Dataset entries »
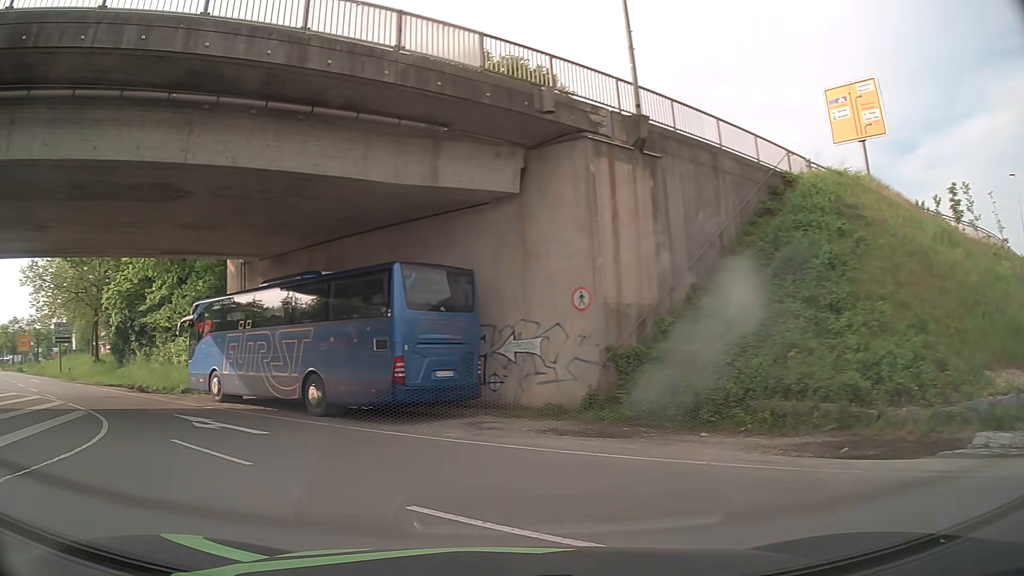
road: primary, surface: asphalt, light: Day
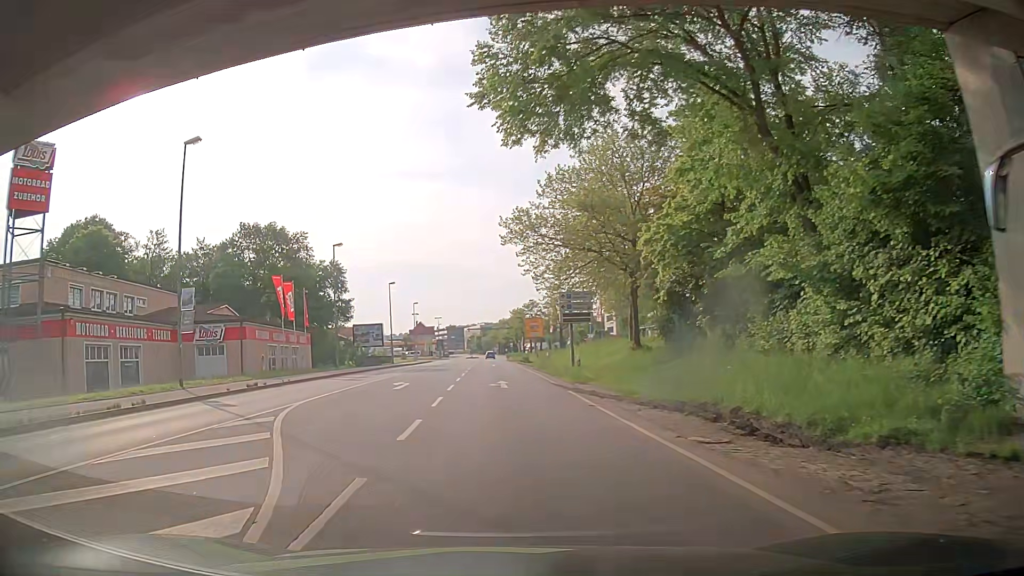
(-11.1, +17.4) m; -50°
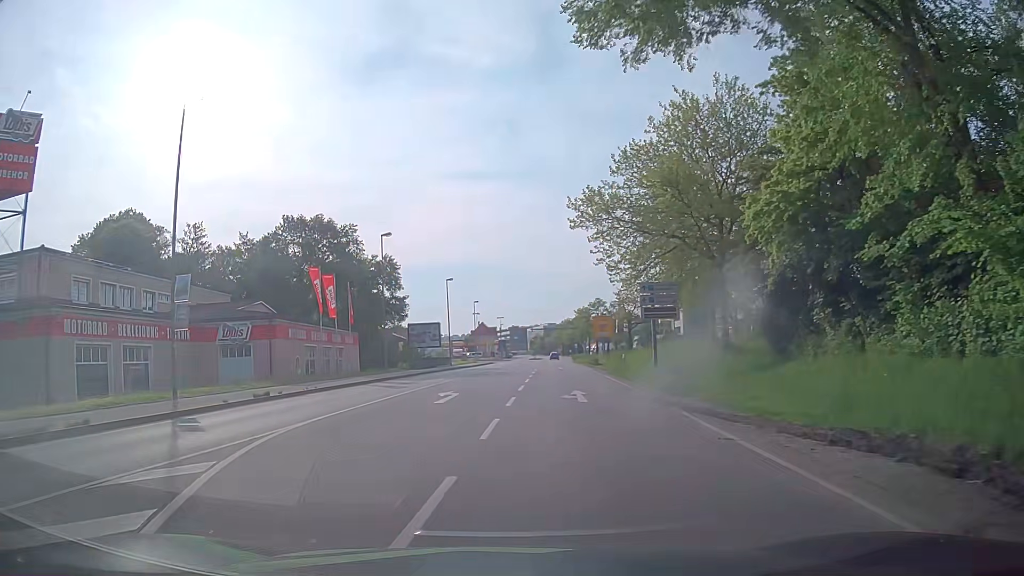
(-0.2, +5.8) m; -4°
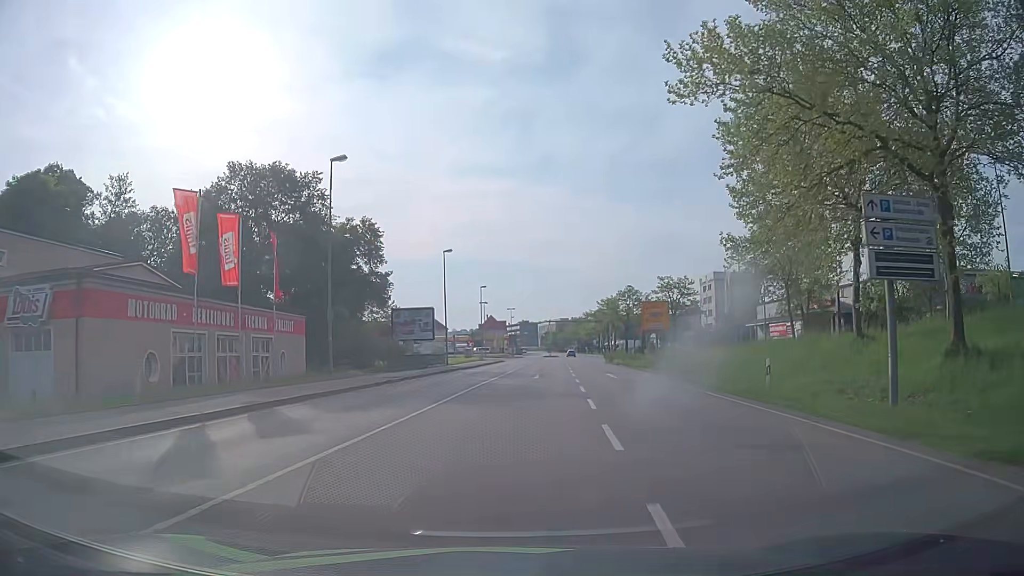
(-0.8, +19.8) m; -2°
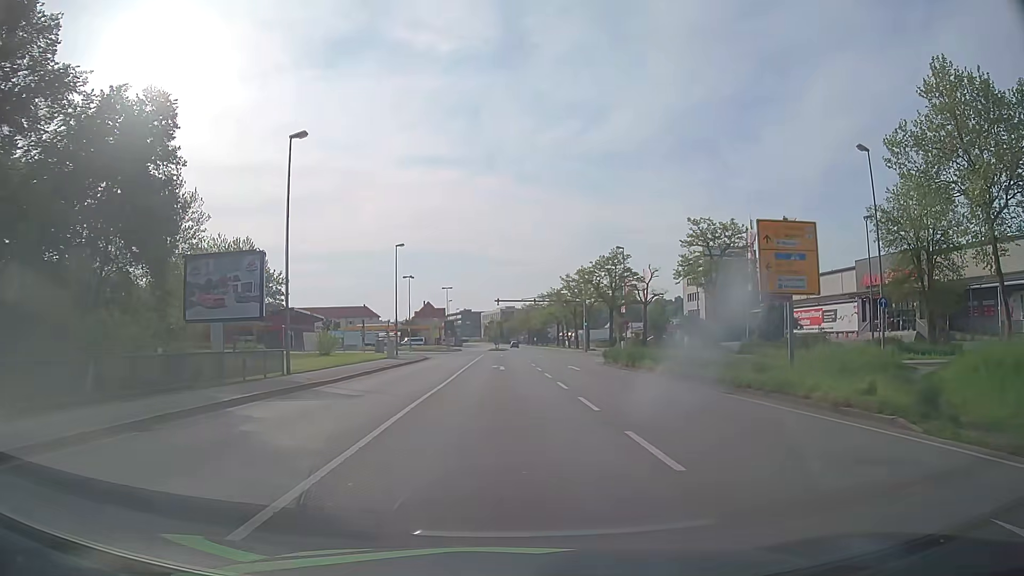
(+1.7, +31.8) m; +5°
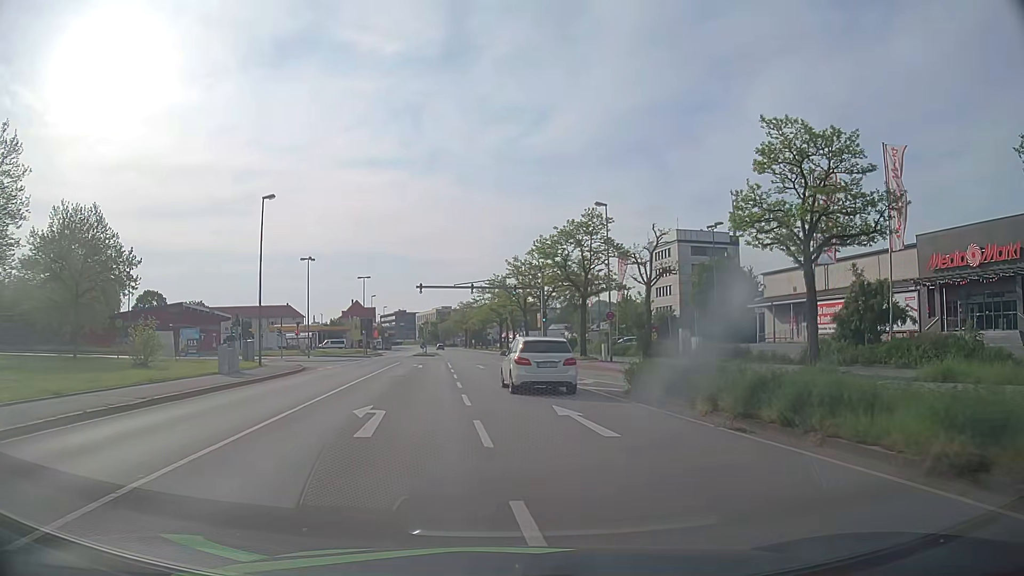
(+1.1, +22.0) m; +5°
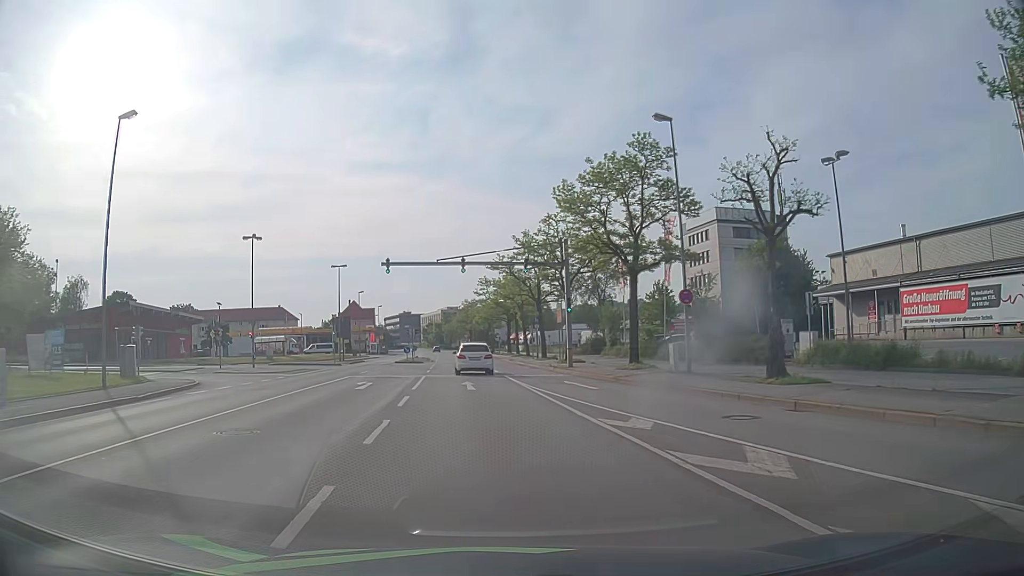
(+0.3, +17.6) m; 0°
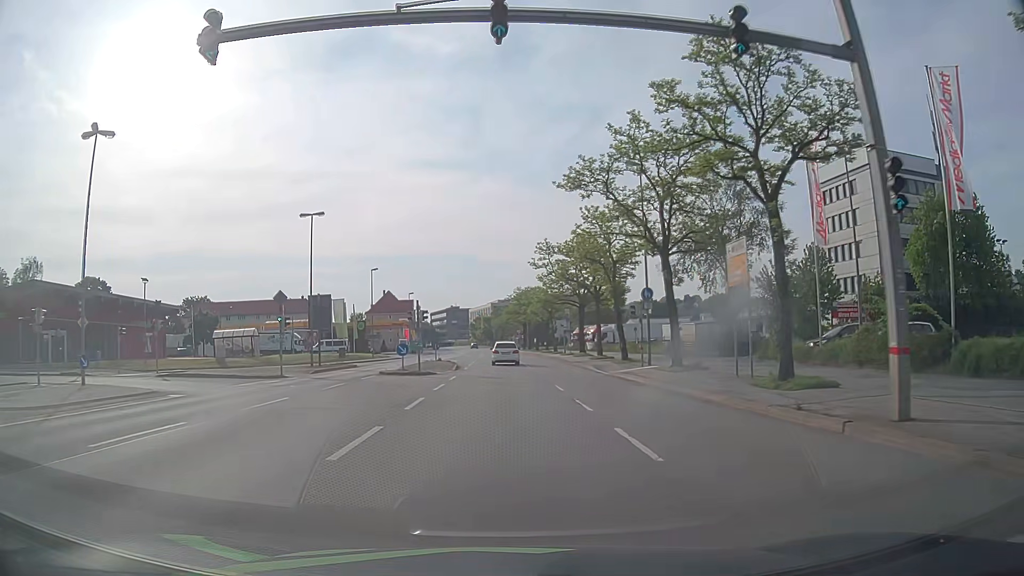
(-1.6, +28.8) m; -5°
(0, +10) (0, +20) (0, +30) (0, +40) (-1, +50) (-1, +60) (-1, +70) (-1, +80) (-2, +90) (-2, +100) m

Prompt » Leaving pictures aside, write out each record above exactly as given.

Response to this task »
road: primary, surface: asphalt, light: Day
(-11.1, +17.4) m; -50°
(-0.2, +5.8) m; -4°
(-0.8, +19.8) m; -2°
(+1.7, +31.8) m; +5°
(+1.1, +22.0) m; +5°
(+0.3, +17.6) m; 0°
(-1.6, +28.8) m; -5°
(0, +10) (0, +20) (0, +30) (0, +40) (-1, +50) (-1, +60) (-1, +70) (-1, +80) (-2, +90) (-2, +100) m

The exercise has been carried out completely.